Associated Lie ring for a strongly central series

Definition

Suppose ${\displaystyle G}$ is a nilpotent group and ${\displaystyle G_{i}}$ form a strongly central series for ${\displaystyle G}$:

${\displaystyle G=G_{1}\geq G_{2}\geq G_{3}\geq \dots \geq G_{k}=1}$.

where ${\displaystyle [G_{m},G_{n}]\leq G_{m+n}}$ is the condition for being strongly central. The associatied Lie ring to ${\displaystyle G}$ is defined as follows:

• As an Abelian group, it is the associated direct sum for the series:

${\displaystyle L=\bigoplus _{i=1}^{k-1}G_{i}/G_{i+1}}$.

• The Lie bracket is defined as follows. For ${\displaystyle {\overline {g}}\in G_{i}/G_{i+1}}$ and ${\displaystyle {\overline {h}}\in G_{j}/G_{j+1}}$, ${\displaystyle [{\overline {g}},{\overline {h}}]}$ is defined as the element of ${\displaystyle G_{i+j}/G_{i+j+1}}$ giving the coset of ${\displaystyle [g,h]}$ (here, ${\displaystyle g,h}$ are representatives of ${\displaystyle {\overline {g}},{\overline {h}}}$). The Lie bracket is then extended additively to the whole of ${\displaystyle L}$.

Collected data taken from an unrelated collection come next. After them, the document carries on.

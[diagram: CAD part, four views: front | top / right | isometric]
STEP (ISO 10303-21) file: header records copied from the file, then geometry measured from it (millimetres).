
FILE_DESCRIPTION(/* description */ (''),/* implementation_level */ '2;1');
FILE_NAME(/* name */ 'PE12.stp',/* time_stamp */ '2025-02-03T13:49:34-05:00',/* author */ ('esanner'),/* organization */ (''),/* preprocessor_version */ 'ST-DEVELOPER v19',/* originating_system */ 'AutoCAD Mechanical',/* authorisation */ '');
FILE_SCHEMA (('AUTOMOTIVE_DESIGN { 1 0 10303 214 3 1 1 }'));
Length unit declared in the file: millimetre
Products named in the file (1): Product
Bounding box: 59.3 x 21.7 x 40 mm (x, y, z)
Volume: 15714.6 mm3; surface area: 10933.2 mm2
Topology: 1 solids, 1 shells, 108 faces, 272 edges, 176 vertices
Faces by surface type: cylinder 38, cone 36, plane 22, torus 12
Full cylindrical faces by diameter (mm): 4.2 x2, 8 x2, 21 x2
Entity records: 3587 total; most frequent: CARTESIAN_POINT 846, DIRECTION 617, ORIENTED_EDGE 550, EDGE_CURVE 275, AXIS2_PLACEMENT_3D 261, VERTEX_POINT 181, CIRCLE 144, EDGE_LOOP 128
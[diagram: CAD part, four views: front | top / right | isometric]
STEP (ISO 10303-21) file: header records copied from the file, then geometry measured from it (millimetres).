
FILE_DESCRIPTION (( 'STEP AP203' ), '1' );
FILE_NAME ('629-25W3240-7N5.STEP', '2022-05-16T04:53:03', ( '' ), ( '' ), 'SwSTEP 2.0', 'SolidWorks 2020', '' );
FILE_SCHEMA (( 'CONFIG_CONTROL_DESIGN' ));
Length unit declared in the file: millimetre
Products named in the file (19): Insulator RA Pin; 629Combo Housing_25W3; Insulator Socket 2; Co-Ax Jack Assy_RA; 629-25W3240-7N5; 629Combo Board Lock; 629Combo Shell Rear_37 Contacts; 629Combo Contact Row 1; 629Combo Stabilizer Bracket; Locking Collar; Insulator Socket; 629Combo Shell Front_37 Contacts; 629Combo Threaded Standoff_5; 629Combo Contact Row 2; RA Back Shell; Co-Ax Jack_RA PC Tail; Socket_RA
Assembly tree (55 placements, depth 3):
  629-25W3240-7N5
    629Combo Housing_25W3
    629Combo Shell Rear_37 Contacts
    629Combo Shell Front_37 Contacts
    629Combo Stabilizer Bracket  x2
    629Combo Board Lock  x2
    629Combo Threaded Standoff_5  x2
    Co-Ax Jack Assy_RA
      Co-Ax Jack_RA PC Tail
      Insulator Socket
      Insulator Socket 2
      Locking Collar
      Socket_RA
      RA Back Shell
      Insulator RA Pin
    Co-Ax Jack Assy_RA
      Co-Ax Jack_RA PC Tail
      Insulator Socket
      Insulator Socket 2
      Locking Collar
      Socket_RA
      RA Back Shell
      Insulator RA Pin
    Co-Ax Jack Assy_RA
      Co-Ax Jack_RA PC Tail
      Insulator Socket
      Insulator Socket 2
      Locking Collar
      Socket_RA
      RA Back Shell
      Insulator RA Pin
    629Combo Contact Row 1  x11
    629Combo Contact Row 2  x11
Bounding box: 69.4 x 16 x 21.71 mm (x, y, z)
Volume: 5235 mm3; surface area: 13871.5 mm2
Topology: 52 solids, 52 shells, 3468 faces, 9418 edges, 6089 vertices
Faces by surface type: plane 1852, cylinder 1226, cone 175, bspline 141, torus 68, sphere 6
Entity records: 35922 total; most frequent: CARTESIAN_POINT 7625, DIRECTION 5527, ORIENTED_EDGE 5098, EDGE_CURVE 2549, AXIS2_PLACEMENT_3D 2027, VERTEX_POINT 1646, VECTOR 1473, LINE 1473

The fact that ${\displaystyle [g,h]\in G_{i+j}}$, as well as the fact that ${\displaystyle [{\overline {g}},{\overline {h}}]}$ is independent of the choice of representatives, follow from the condition of being strongly central. Checking that the Jacobi identity is satisfied requires some additional work. For full proof, refer: Associated Lie ring for a strongly central series is a Lie ring

For any nilpotent group, the lower central series is strongly central (For full proof, refer: Lower central series is strongly central), and thus has an associated Lie ring. The associated Lie ring for the lower central series is simply termed the associated Lie ring -- in other words, when the strongly central series is not specified, it is assumed to be the lower central series. This Lie ring is also termed the Magnus-Sanov Lie ring.